But by remaining seated, those in attendance are missing out in fulfilling a positive mitzvah; not a minhag, not a shminhag, but one of the 613 commandments, based on a verse in this week’s parsha – mipnei seivah takum, we are instructed to stand up for anyone who is considered old.
How old is old according to the Torah? Please don’t kill me – 70 years is old. According to Kabbalah, we are actually obligated to stand for anyone who is 60 years old. Meaning, any time you are seated and someone who is 70, or maybe even 60, walks by, if you are younger than that age, you are obligated to stand up.
In some societies, honoring those who are older is framed as self-serving. The great writer, Leo Tolstoy famously captured this message in his short story, the Wooden Bowl, in which a young boy watches as his father gets fed up with his own father whose frailty and shaking hands breaks numerous dishes. And so the boy’s father gives the old man a wooden bowl to eat out of. A few days later, the father sees the young boy making a wooden bowl of his own. The boy explains to his father that he’s making it for him – “Because one day, dad, you’ll be an old man and you’ll need his own wooden bowl.

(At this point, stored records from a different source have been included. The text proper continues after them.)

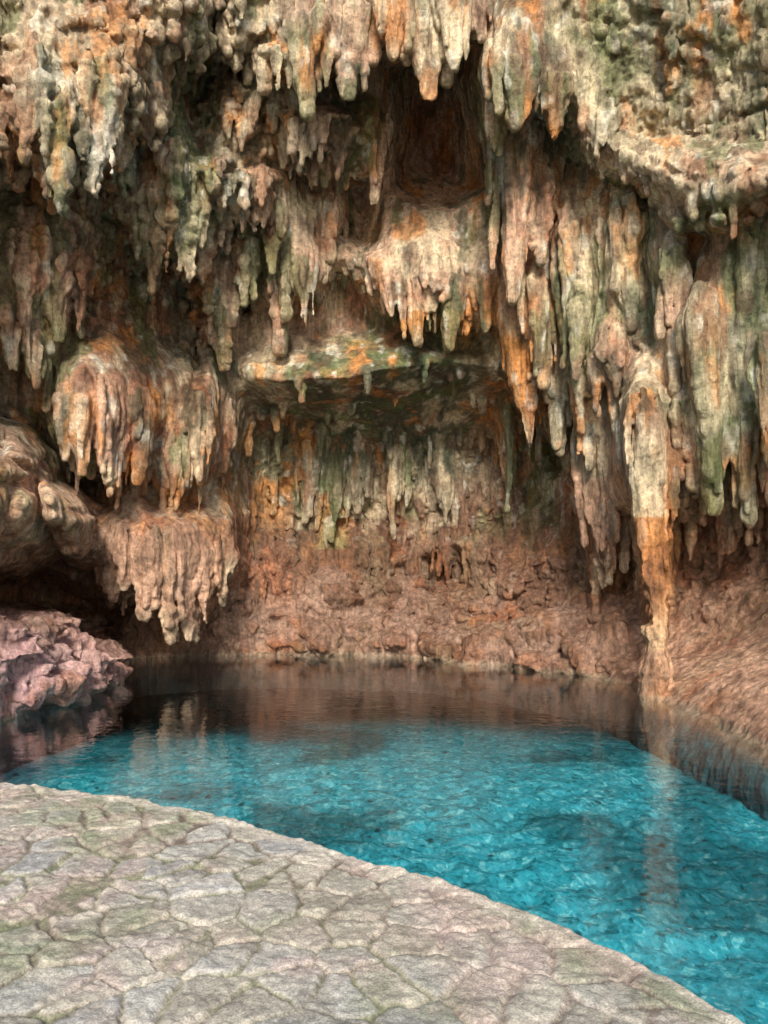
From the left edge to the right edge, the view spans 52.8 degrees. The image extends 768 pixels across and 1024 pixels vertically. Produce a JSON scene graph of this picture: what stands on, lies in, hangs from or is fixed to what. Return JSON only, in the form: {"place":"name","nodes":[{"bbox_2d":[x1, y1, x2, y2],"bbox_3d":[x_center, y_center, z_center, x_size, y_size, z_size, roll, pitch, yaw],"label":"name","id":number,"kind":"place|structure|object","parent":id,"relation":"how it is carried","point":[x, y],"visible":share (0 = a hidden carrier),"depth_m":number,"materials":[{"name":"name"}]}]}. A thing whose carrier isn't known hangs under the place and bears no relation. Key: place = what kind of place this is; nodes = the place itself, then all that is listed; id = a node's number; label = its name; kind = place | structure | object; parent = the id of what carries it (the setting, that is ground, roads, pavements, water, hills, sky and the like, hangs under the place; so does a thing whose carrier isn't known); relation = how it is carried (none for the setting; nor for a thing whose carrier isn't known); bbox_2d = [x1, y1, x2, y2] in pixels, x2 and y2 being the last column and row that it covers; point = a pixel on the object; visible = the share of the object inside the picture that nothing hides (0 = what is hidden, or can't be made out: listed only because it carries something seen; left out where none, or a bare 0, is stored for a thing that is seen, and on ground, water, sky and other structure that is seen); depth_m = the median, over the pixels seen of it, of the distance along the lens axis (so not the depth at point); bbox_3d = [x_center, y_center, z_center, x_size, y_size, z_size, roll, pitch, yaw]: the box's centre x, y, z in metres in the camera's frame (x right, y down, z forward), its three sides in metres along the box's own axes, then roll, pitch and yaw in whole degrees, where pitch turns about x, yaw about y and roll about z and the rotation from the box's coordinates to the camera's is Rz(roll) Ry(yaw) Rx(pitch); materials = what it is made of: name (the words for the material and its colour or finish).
{"place":"outdoors","nodes":[
{"label":"outdoors","id":0,"kind":"place"},
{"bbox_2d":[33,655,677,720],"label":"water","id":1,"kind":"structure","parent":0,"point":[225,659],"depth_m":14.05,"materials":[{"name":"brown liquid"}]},
{"bbox_2d":[0,782,744,1023],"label":"stone pavement","id":2,"kind":"structure","parent":0,"point":[119,909],"depth_m":3.22,"materials":[{"name":"beige stone"}]},
{"bbox_2d":[0,142,767,741],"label":"cave wall","id":3,"kind":"structure","parent":0,"point":[486,582],"depth_m":14.06,"materials":[{"name":"brown stone"}]},
{"bbox_2d":[0,267,42,379],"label":"stalactite","id":4,"kind":"object","parent":3,"relation":"hanging from","point":[18,287],"visible":1,"depth_m":11.38},
{"bbox_2d":[5,251,69,395],"bbox_3d":[-5.257,-2.801,11.770,0.922,1.971,0.973,1,-3,-22],"label":"stalactite","id":5,"kind":"object","parent":3,"relation":"hanging from","point":[33,262],"visible":0.86,"depth_m":11.71},
{"bbox_2d":[30,263,87,354],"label":"stalactite","id":6,"kind":"object","parent":3,"relation":"hanging from","point":[60,286],"visible":1,"depth_m":11.70},
{"bbox_2d":[47,404,113,482],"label":"stalactite","id":7,"kind":"object","parent":3,"relation":"hanging from","point":[71,422],"visible":0.97,"depth_m":11.66},
{"bbox_2d":[84,422,129,488],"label":"stalactite","id":8,"kind":"object","parent":3,"relation":"hanging from","point":[106,444],"visible":0.98,"depth_m":12.00},
{"bbox_2d":[0,515,225,670],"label":"flowstone drapery","id":9,"kind":"object","parent":3,"relation":"attached to","point":[177,542],"visible":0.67,"depth_m":12.88,"materials":[{"name":"beige stone"}]},
{"bbox_2d":[105,553,140,594],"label":"stalactite","id":10,"kind":"object","parent":9,"relation":"attached to","point":[128,575],"visible":0.98,"depth_m":12.77},
{"bbox_2d":[135,556,169,626],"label":"stalactite","id":11,"kind":"object","parent":9,"relation":"hanging from","point":[152,596],"visible":0.98,"depth_m":12.72},
{"bbox_2d":[162,565,191,645],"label":"stalactite","id":12,"kind":"object","parent":9,"relation":"hanging from","point":[178,576],"visible":0.96,"depth_m":12.96},
{"bbox_2d":[175,559,213,643],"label":"stalactite","id":13,"kind":"object","parent":9,"relation":"hanging from","point":[200,582],"visible":0.67,"depth_m":13.40},
{"bbox_2d":[197,563,224,625],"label":"stalactite","id":14,"kind":"object","parent":9,"relation":"hanging from","point":[217,577],"visible":0.84,"depth_m":13.58},
{"bbox_2d":[213,561,237,606],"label":"stalactite","id":15,"kind":"object","parent":9,"relation":"hanging from","point":[228,568],"visible":0.81,"depth_m":13.84},
{"bbox_2d":[114,416,156,493],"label":"stalactite","id":16,"kind":"object","parent":3,"relation":"hanging from","point":[138,452],"visible":0.75,"depth_m":12.54},
{"bbox_2d":[159,456,188,517],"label":"stalactite","id":17,"kind":"object","parent":3,"relation":"hanging from","point":[170,468],"visible":0.88,"depth_m":13.17},
{"bbox_2d":[179,423,215,488],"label":"stalactite","id":18,"kind":"object","parent":3,"relation":"hanging from","point":[196,441],"visible":1,"depth_m":13.19},
{"bbox_2d":[211,424,237,492],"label":"stalactite","id":19,"kind":"object","parent":3,"relation":"hanging from","point":[228,436],"visible":1,"depth_m":14.62},
{"bbox_2d":[291,452,322,530],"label":"stalactite","id":20,"kind":"object","parent":3,"relation":"hanging from","point":[306,467],"visible":1,"depth_m":16.60},
{"bbox_2d":[316,466,349,550],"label":"stalactite","id":21,"kind":"object","parent":3,"relation":"hanging from","point":[333,499],"visible":1,"depth_m":16.68},
{"bbox_2d":[343,463,374,519],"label":"stalactite","id":22,"kind":"object","parent":3,"relation":"hanging from","point":[361,487],"visible":0.99,"depth_m":16.82},
{"bbox_2d":[196,252,550,433],"bbox_3d":[-0.155,-3.037,14.651,6.147,2.735,2.945,0,-3,0],"label":"rock shelf","id":23,"kind":"object","parent":3,"relation":"attached to","point":[358,353],"visible":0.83,"depth_m":14.94,"materials":[{"name":"brown stone"}]},
{"bbox_2d":[291,274,317,324],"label":"stalactite","id":24,"kind":"object","parent":23,"relation":"hanging from","point":[303,286],"visible":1,"depth_m":13.85},
{"bbox_2d":[373,275,408,322],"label":"stalactite","id":25,"kind":"object","parent":23,"relation":"hanging from","point":[387,287],"visible":0.94,"depth_m":13.97},
{"bbox_2d":[400,309,428,348],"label":"stalactite","id":26,"kind":"object","parent":23,"relation":"hanging from","point":[415,320],"visible":0.94,"depth_m":13.89},
{"bbox_2d":[398,276,463,318],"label":"stalactite","id":27,"kind":"object","parent":23,"relation":"hanging from","point":[432,295],"visible":0.9,"depth_m":13.85},
{"bbox_2d":[426,310,472,352],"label":"stalactite","id":28,"kind":"object","parent":23,"relation":"hanging from","point":[453,323],"visible":1,"depth_m":13.94},
{"bbox_2d":[463,278,503,338],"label":"stalactite","id":29,"kind":"object","parent":23,"relation":"hanging from","point":[483,300],"visible":1,"depth_m":13.86},
{"bbox_2d":[500,416,513,512],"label":"stalactite","id":30,"kind":"object","parent":23,"relation":"hanging from","point":[507,422],"visible":1,"depth_m":15.64},
{"bbox_2d":[386,467,401,539],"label":"stalactite","id":31,"kind":"object","parent":3,"relation":"hanging from","point":[394,489],"visible":1,"depth_m":16.63},
{"bbox_2d":[433,487,458,526],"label":"stalactite","id":32,"kind":"object","parent":3,"relation":"hanging from","point":[445,499],"visible":1,"depth_m":16.92},
{"bbox_2d":[494,313,538,444],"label":"stalactite","id":33,"kind":"object","parent":3,"relation":"hanging from","point":[514,354],"visible":0.59,"depth_m":13.69},
{"bbox_2d":[517,286,558,390],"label":"stalactite","id":34,"kind":"object","parent":3,"relation":"hanging from","point":[537,312],"visible":0.94,"depth_m":13.16},
{"bbox_2d":[542,361,572,456],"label":"stalactite","id":35,"kind":"object","parent":3,"relation":"hanging from","point":[556,395],"visible":0.74,"depth_m":13.53},
{"bbox_2d":[565,423,572,450],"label":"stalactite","id":36,"kind":"object","parent":3,"relation":"hanging from","point":[568,431],"visible":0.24,"depth_m":13.98},
{"bbox_2d":[552,239,607,413],"bbox_3d":[3.227,-3.025,12.790,0.824,2.775,0.910,3,-4,-42],"label":"stalactite","id":37,"kind":"object","parent":3,"relation":"hanging from","point":[575,265],"visible":0.84,"depth_m":12.65},
{"bbox_2d":[572,398,609,479],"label":"stalactite","id":38,"kind":"object","parent":3,"relation":"hanging from","point":[592,443],"visible":0.88,"depth_m":12.88},
{"bbox_2d":[571,450,638,598],"bbox_3d":[3.861,0.212,13.261,0.942,2.595,1.111,2,-4,-32],"label":"stalactite","id":39,"kind":"object","parent":3,"relation":"hanging from","point":[604,516],"visible":0.84,"depth_m":13.14},
{"bbox_2d":[588,352,638,386],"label":"stalactite","id":40,"kind":"object","parent":3,"relation":"hanging from","point":[606,368],"visible":0.97,"depth_m":11.94},
{"bbox_2d":[602,225,655,342],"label":"stalactite","id":41,"kind":"object","parent":3,"relation":"hanging from","point":[630,295],"visible":0.95,"depth_m":11.93},
{"bbox_2d":[623,427,666,519],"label":"stalactite","id":42,"kind":"object","parent":3,"relation":"hanging from","point":[645,453],"visible":1,"depth_m":10.84},
{"bbox_2d":[632,478,677,655],"bbox_3d":[3.894,0.768,11.096,0.676,2.496,0.653,0,-3,0],"label":"stalactite","id":43,"kind":"object","parent":3,"relation":"hanging from","point":[653,537],"visible":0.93,"depth_m":10.87},
{"bbox_2d":[654,283,692,405],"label":"stalactite","id":44,"kind":"object","parent":3,"relation":"hanging from","point":[670,301],"visible":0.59,"depth_m":11.13},
{"bbox_2d":[669,422,705,498],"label":"stalactite","id":45,"kind":"object","parent":3,"relation":"hanging from","point":[684,459],"visible":0.68,"depth_m":10.98},
{"bbox_2d":[614,632,767,820],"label":"rock ledge","id":46,"kind":"object","parent":3,"relation":"attached to","point":[713,734],"visible":0.55,"depth_m":9.71,"materials":[{"name":"brown stone"}]},
{"bbox_2d":[671,329,760,516],"bbox_3d":[4.618,-1.195,10.909,1.092,2.546,0.891,1,-3,-15],"label":"stalactite","id":47,"kind":"object","parent":3,"relation":"hanging from","point":[699,351],"visible":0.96,"depth_m":10.54},
{"bbox_2d":[715,240,767,419],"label":"stalactite","id":48,"kind":"object","parent":3,"relation":"hanging from","point":[742,275],"visible":0.97,"depth_m":10.53},
{"bbox_2d":[722,429,767,526],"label":"stalactite","id":49,"kind":"object","parent":3,"relation":"hanging from","point":[743,461],"visible":0.92,"depth_m":10.66},
{"bbox_2d":[739,375,767,470],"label":"stalactite","id":50,"kind":"object","parent":3,"relation":"hanging from","point":[754,394],"visible":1,"depth_m":10.16},
{"bbox_2d":[0,0,767,295],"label":"cave ceiling","id":51,"kind":"structure","parent":0,"point":[246,148],"depth_m":12.12,"materials":[{"name":"beige stone"}]},
{"bbox_2d":[13,79,55,180],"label":"stalactite","id":52,"kind":"object","parent":51,"relation":"hanging from","point":[35,113],"visible":0.97,"depth_m":9.39},
{"bbox_2d":[46,118,87,216],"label":"stalactite","id":53,"kind":"object","parent":51,"relation":"hanging from","point":[59,184],"visible":0.94,"depth_m":9.59},
{"bbox_2d":[66,82,124,197],"bbox_3d":[-3.768,-4.724,10.056,0.744,1.339,0.723,1,-3,-15],"label":"stalactite","id":54,"kind":"object","parent":51,"relation":"hanging from","point":[98,115],"visible":0.84,"depth_m":9.89},
{"bbox_2d":[111,164,138,204],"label":"stalactite","id":55,"kind":"object","parent":51,"relation":"hanging from","point":[127,181],"visible":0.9,"depth_m":11.87},
{"bbox_2d":[130,104,168,151],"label":"stalactite","id":56,"kind":"object","parent":51,"relation":"hanging from","point":[151,129],"visible":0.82,"depth_m":10.97},
{"bbox_2d":[129,195,174,295],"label":"stalactite","id":57,"kind":"object","parent":51,"relation":"hanging from","point":[149,233],"visible":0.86,"depth_m":11.93},
{"bbox_2d":[154,167,187,229],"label":"stalactite","id":58,"kind":"object","parent":51,"relation":"hanging from","point":[169,190],"visible":0.99,"depth_m":11.84},
{"bbox_2d":[173,208,209,282],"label":"stalactite","id":59,"kind":"object","parent":51,"relation":"hanging from","point":[189,236],"visible":0.84,"depth_m":12.29},
{"bbox_2d":[195,244,214,284],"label":"stalactite","id":60,"kind":"object","parent":51,"relation":"hanging from","point":[203,261],"visible":0.92,"depth_m":12.94},
{"bbox_2d":[195,268,240,384],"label":"stalactite","id":61,"kind":"object","parent":51,"relation":"hanging from","point":[218,287],"visible":0.88,"depth_m":14.04},
{"bbox_2d":[233,259,259,315],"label":"stalactite","id":62,"kind":"object","parent":51,"relation":"hanging from","point":[245,276],"visible":1,"depth_m":13.81},
{"bbox_2d":[256,217,289,274],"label":"stalactite","id":63,"kind":"object","parent":51,"relation":"hanging from","point":[274,233],"visible":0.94,"depth_m":13.65},
{"bbox_2d":[258,232,309,366],"bbox_3d":[-1.876,-3.890,14.416,0.989,2.323,0.959,0,-3,0],"label":"stalactite","id":64,"kind":"object","parent":51,"relation":"hanging from","point":[280,297],"visible":0.86,"depth_m":14.28},
{"bbox_2d":[276,24,334,121],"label":"stalactite","id":65,"kind":"object","parent":51,"relation":"hanging from","point":[305,58],"visible":1,"depth_m":11.83},
{"bbox_2d":[314,216,339,269],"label":"stalactite","id":66,"kind":"object","parent":51,"relation":"hanging from","point":[325,232],"visible":0.98,"depth_m":14.15},
{"bbox_2d":[325,7,381,100],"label":"stalactite","id":67,"kind":"object","parent":51,"relation":"hanging from","point":[357,50],"visible":0.88,"depth_m":11.99},
{"bbox_2d":[346,122,393,204],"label":"stalactite","id":68,"kind":"object","parent":51,"relation":"hanging from","point":[368,151],"visible":1,"depth_m":13.74},
{"bbox_2d":[371,0,415,61],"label":"stalactite","id":69,"kind":"object","parent":51,"relation":"hanging from","point":[395,20],"visible":1,"depth_m":11.63},
{"bbox_2d":[402,0,453,100],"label":"stalactite","id":70,"kind":"object","parent":51,"relation":"hanging from","point":[420,60],"visible":0.58,"depth_m":12.08},
{"bbox_2d":[431,0,470,72],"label":"stalactite","id":71,"kind":"object","parent":51,"relation":"hanging from","point":[451,21],"visible":1,"depth_m":11.79},
{"bbox_2d":[468,0,498,55],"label":"stalactite","id":72,"kind":"object","parent":51,"relation":"hanging from","point":[482,29],"visible":0.81,"depth_m":11.97},
{"bbox_2d":[484,110,509,156],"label":"stalactite","id":73,"kind":"object","parent":51,"relation":"hanging from","point":[496,127],"visible":0.84,"depth_m":12.12},
{"bbox_2d":[482,60,550,133],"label":"stalactite","id":74,"kind":"object","parent":51,"relation":"hanging from","point":[514,91],"visible":1,"depth_m":11.34},
{"bbox_2d":[484,125,550,306],"bbox_3d":[2.223,-4.814,12.736,1.107,2.938,1.135,0,-3,0],"label":"stalactite","id":75,"kind":"object","parent":51,"relation":"hanging from","point":[516,172],"visible":0.92,"depth_m":12.59},
{"bbox_2d":[525,191,563,277],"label":"stalactite","id":76,"kind":"object","parent":51,"relation":"hanging from","point":[543,211],"visible":0.88,"depth_m":12.79},
{"bbox_2d":[544,76,572,140],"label":"stalactite","id":77,"kind":"object","parent":51,"relation":"hanging from","point":[559,86],"visible":0.84,"depth_m":11.41},
{"bbox_2d":[563,60,603,126],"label":"stalactite","id":78,"kind":"object","parent":51,"relation":"hanging from","point":[584,95],"visible":0.87,"depth_m":11.51},
{"bbox_2d":[578,114,618,167],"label":"stalactite","id":79,"kind":"object","parent":51,"relation":"hanging from","point":[599,132],"visible":1,"depth_m":11.43},
{"bbox_2d":[0,688,767,1023],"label":"water pool","id":80,"kind":"structure","parent":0,"point":[650,862],"depth_m":8.18,"materials":[{"name":"liquid"}]},
{"bbox_2d":[0,609,107,775],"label":"boulder","id":81,"kind":"object","parent":80,"relation":"on","point":[45,675],"visible":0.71,"depth_m":9.88,"materials":[{"name":"brown stone"}]}
]}

In this depiction, honoring the elderly is simply a self-serving investment. I need to give my children an example of how they should treat me when I age.
Our Sages take a very different approach. Rashi, in this week’s parsha writes, and I quote: “What is deference? It is refraining from sitting in his place, and not interrupting his words.”
Rav Tzvi Hersh Weinreb explains this Rashi beautifully. “Not sitting in [an elderly person’s] seat means much more than just giving [an elderly man or woman] a seat on the bus. It means recognizing that the elderly person has his own seat, his own well-earned place in society, which you, the younger person, dare not usurp. It is more than just a gesture. It is an acknowledgement of the valued place the elder has in society, a place which is his and his alone.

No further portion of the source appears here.